- _TASK MATERIAL_
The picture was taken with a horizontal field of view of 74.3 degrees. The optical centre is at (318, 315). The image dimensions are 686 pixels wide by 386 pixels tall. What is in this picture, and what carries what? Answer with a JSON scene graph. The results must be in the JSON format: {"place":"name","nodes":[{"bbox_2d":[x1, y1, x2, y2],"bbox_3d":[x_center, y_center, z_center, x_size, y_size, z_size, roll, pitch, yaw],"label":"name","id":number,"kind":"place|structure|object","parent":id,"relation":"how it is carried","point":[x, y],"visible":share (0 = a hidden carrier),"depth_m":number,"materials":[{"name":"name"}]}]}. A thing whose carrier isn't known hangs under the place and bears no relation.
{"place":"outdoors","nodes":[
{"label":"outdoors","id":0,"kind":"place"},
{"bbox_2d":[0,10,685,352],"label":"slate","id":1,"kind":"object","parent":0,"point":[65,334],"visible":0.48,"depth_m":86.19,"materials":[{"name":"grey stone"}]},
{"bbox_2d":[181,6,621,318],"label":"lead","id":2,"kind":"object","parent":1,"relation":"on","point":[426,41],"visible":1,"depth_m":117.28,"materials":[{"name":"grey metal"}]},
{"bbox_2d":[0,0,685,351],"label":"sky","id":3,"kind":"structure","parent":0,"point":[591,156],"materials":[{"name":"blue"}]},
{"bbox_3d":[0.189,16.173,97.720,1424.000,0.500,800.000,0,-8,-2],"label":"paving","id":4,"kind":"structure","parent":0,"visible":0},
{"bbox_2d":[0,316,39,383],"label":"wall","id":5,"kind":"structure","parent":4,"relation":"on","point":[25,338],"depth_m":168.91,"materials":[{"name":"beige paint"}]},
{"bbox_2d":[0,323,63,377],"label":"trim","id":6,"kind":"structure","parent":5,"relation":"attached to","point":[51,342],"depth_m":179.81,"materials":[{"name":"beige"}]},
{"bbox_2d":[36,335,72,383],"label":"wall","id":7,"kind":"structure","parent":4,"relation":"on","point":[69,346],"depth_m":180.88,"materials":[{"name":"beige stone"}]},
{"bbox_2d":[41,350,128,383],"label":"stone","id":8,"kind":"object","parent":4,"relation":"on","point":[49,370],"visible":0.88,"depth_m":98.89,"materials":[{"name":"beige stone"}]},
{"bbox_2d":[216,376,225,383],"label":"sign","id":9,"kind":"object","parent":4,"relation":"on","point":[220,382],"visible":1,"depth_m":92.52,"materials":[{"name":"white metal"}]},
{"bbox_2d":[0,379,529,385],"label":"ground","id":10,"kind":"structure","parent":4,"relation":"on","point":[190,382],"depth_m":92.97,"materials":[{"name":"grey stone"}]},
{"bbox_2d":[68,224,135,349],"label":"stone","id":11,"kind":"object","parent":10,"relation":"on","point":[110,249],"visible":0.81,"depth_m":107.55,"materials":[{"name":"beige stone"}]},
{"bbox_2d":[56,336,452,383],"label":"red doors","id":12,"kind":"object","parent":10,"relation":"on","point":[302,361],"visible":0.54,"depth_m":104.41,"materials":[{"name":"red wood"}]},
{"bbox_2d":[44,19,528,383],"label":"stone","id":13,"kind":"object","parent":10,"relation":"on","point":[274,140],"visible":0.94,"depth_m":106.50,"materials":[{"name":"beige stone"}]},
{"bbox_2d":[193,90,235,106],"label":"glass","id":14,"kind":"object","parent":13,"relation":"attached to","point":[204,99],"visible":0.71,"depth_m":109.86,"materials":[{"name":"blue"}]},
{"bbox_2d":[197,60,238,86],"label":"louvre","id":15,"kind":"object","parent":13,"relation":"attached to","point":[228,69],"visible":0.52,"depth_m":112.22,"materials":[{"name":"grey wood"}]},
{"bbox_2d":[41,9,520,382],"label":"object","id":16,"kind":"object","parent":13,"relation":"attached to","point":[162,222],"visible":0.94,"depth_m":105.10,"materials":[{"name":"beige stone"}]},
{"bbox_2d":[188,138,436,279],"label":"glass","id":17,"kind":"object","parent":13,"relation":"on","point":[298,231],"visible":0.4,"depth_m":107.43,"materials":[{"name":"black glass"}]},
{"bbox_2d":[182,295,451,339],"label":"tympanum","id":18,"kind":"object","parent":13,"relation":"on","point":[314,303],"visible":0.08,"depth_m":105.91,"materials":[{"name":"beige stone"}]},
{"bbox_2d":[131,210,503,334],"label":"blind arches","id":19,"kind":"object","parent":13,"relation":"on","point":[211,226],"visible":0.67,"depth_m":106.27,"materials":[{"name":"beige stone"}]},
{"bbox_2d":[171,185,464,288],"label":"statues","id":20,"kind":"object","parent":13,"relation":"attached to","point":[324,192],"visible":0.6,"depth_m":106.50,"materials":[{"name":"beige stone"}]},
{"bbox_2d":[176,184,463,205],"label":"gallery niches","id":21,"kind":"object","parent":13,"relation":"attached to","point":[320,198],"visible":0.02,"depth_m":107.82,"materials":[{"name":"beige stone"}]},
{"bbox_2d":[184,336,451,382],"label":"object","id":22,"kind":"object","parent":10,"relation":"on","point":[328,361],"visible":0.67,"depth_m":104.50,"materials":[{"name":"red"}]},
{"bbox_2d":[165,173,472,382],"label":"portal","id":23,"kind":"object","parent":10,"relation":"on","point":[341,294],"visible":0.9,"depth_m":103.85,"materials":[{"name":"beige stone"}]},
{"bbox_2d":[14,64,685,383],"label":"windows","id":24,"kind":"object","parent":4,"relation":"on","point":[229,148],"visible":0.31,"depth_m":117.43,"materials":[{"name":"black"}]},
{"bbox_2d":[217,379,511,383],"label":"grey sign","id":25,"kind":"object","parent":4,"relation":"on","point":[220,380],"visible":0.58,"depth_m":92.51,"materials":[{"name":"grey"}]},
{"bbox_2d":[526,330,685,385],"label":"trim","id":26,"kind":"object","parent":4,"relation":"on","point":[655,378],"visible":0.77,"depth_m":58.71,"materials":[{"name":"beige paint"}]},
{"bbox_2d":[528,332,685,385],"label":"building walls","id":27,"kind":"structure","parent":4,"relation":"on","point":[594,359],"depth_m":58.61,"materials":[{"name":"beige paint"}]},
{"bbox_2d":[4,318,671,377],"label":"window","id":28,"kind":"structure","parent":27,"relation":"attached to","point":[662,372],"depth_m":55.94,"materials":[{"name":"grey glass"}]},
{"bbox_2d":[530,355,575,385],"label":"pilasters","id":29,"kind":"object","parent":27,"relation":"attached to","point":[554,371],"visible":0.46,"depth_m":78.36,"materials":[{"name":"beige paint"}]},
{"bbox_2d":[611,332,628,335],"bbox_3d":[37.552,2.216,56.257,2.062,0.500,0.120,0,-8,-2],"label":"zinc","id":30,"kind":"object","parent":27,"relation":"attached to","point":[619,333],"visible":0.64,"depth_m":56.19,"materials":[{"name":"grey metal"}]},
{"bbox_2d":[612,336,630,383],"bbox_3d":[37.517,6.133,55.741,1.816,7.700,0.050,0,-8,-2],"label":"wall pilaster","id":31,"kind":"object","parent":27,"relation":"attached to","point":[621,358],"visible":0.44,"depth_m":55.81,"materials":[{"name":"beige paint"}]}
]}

- _TO DO_
Each entry given above is to be duplicated exactly.

- _SOLUTION FOR THIS EXERCISE_
The picture was taken with a horizontal field of view of 74.3 degrees. The optical centre is at (318, 315). The image dimensions are 686 pixels wide by 386 pixels tall. What is in this picture, and what carries what? Answer with a JSON scene graph. The results must be in the JSON format: {"place":"name","nodes":[{"bbox_2d":[x1, y1, x2, y2],"bbox_3d":[x_center, y_center, z_center, x_size, y_size, z_size, roll, pitch, yaw],"label":"name","id":number,"kind":"place|structure|object","parent":id,"relation":"how it is carried","point":[x, y],"visible":share (0 = a hidden carrier),"depth_m":number,"materials":[{"name":"name"}]}]}. A thing whose carrier isn't known hangs under the place and bears no relation.
{"place":"outdoors","nodes":[
{"label":"outdoors","id":0,"kind":"place"},
{"bbox_2d":[0,10,685,352],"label":"slate","id":1,"kind":"object","parent":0,"point":[65,334],"visible":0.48,"depth_m":86.19,"materials":[{"name":"grey stone"}]},
{"bbox_2d":[181,6,621,318],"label":"lead","id":2,"kind":"object","parent":1,"relation":"on","point":[426,41],"visible":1,"depth_m":117.28,"materials":[{"name":"grey metal"}]},
{"bbox_2d":[0,0,685,351],"label":"sky","id":3,"kind":"structure","parent":0,"point":[591,156],"materials":[{"name":"blue"}]},
{"bbox_3d":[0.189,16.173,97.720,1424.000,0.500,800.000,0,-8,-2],"label":"paving","id":4,"kind":"structure","parent":0,"visible":0},
{"bbox_2d":[0,316,39,383],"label":"wall","id":5,"kind":"structure","parent":4,"relation":"on","point":[25,338],"depth_m":168.91,"materials":[{"name":"beige paint"}]},
{"bbox_2d":[0,323,63,377],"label":"trim","id":6,"kind":"structure","parent":5,"relation":"attached to","point":[51,342],"depth_m":179.81,"materials":[{"name":"beige"}]},
{"bbox_2d":[36,335,72,383],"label":"wall","id":7,"kind":"structure","parent":4,"relation":"on","point":[69,346],"depth_m":180.88,"materials":[{"name":"beige stone"}]},
{"bbox_2d":[41,350,128,383],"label":"stone","id":8,"kind":"object","parent":4,"relation":"on","point":[49,370],"visible":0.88,"depth_m":98.89,"materials":[{"name":"beige stone"}]},
{"bbox_2d":[216,376,225,383],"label":"sign","id":9,"kind":"object","parent":4,"relation":"on","point":[220,382],"visible":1,"depth_m":92.52,"materials":[{"name":"white metal"}]},
{"bbox_2d":[0,379,529,385],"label":"ground","id":10,"kind":"structure","parent":4,"relation":"on","point":[190,382],"depth_m":92.97,"materials":[{"name":"grey stone"}]},
{"bbox_2d":[68,224,135,349],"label":"stone","id":11,"kind":"object","parent":10,"relation":"on","point":[110,249],"visible":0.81,"depth_m":107.55,"materials":[{"name":"beige stone"}]},
{"bbox_2d":[56,336,452,383],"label":"red doors","id":12,"kind":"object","parent":10,"relation":"on","point":[302,361],"visible":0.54,"depth_m":104.41,"materials":[{"name":"red wood"}]},
{"bbox_2d":[44,19,528,383],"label":"stone","id":13,"kind":"object","parent":10,"relation":"on","point":[274,140],"visible":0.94,"depth_m":106.50,"materials":[{"name":"beige stone"}]},
{"bbox_2d":[193,90,235,106],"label":"glass","id":14,"kind":"object","parent":13,"relation":"attached to","point":[204,99],"visible":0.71,"depth_m":109.86,"materials":[{"name":"blue"}]},
{"bbox_2d":[197,60,238,86],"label":"louvre","id":15,"kind":"object","parent":13,"relation":"attached to","point":[228,69],"visible":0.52,"depth_m":112.22,"materials":[{"name":"grey wood"}]},
{"bbox_2d":[41,9,520,382],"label":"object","id":16,"kind":"object","parent":13,"relation":"attached to","point":[162,222],"visible":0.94,"depth_m":105.10,"materials":[{"name":"beige stone"}]},
{"bbox_2d":[188,138,436,279],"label":"glass","id":17,"kind":"object","parent":13,"relation":"on","point":[298,231],"visible":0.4,"depth_m":107.43,"materials":[{"name":"black glass"}]},
{"bbox_2d":[182,295,451,339],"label":"tympanum","id":18,"kind":"object","parent":13,"relation":"on","point":[314,303],"visible":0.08,"depth_m":105.91,"materials":[{"name":"beige stone"}]},
{"bbox_2d":[131,210,503,334],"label":"blind arches","id":19,"kind":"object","parent":13,"relation":"on","point":[211,226],"visible":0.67,"depth_m":106.27,"materials":[{"name":"beige stone"}]},
{"bbox_2d":[171,185,464,288],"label":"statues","id":20,"kind":"object","parent":13,"relation":"attached to","point":[324,192],"visible":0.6,"depth_m":106.50,"materials":[{"name":"beige stone"}]},
{"bbox_2d":[176,184,463,205],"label":"gallery niches","id":21,"kind":"object","parent":13,"relation":"attached to","point":[320,198],"visible":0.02,"depth_m":107.82,"materials":[{"name":"beige stone"}]},
{"bbox_2d":[184,336,451,382],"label":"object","id":22,"kind":"object","parent":10,"relation":"on","point":[328,361],"visible":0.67,"depth_m":104.50,"materials":[{"name":"red"}]},
{"bbox_2d":[165,173,472,382],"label":"portal","id":23,"kind":"object","parent":10,"relation":"on","point":[341,294],"visible":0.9,"depth_m":103.85,"materials":[{"name":"beige stone"}]},
{"bbox_2d":[14,64,685,383],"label":"windows","id":24,"kind":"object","parent":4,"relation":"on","point":[229,148],"visible":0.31,"depth_m":117.43,"materials":[{"name":"black"}]},
{"bbox_2d":[217,379,511,383],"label":"grey sign","id":25,"kind":"object","parent":4,"relation":"on","point":[220,380],"visible":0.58,"depth_m":92.51,"materials":[{"name":"grey"}]},
{"bbox_2d":[526,330,685,385],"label":"trim","id":26,"kind":"object","parent":4,"relation":"on","point":[655,378],"visible":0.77,"depth_m":58.71,"materials":[{"name":"beige paint"}]},
{"bbox_2d":[528,332,685,385],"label":"building walls","id":27,"kind":"structure","parent":4,"relation":"on","point":[594,359],"depth_m":58.61,"materials":[{"name":"beige paint"}]},
{"bbox_2d":[4,318,671,377],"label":"window","id":28,"kind":"structure","parent":27,"relation":"attached to","point":[662,372],"depth_m":55.94,"materials":[{"name":"grey glass"}]},
{"bbox_2d":[530,355,575,385],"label":"pilasters","id":29,"kind":"object","parent":27,"relation":"attached to","point":[554,371],"visible":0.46,"depth_m":78.36,"materials":[{"name":"beige paint"}]},
{"bbox_2d":[611,332,628,335],"bbox_3d":[37.552,2.216,56.257,2.062,0.500,0.120,0,-8,-2],"label":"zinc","id":30,"kind":"object","parent":27,"relation":"attached to","point":[619,333],"visible":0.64,"depth_m":56.19,"materials":[{"name":"grey metal"}]},
{"bbox_2d":[612,336,630,383],"bbox_3d":[37.517,6.133,55.741,1.816,7.700,0.050,0,-8,-2],"label":"wall pilaster","id":31,"kind":"object","parent":27,"relation":"attached to","point":[621,358],"visible":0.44,"depth_m":55.81,"materials":[{"name":"beige paint"}]}
]}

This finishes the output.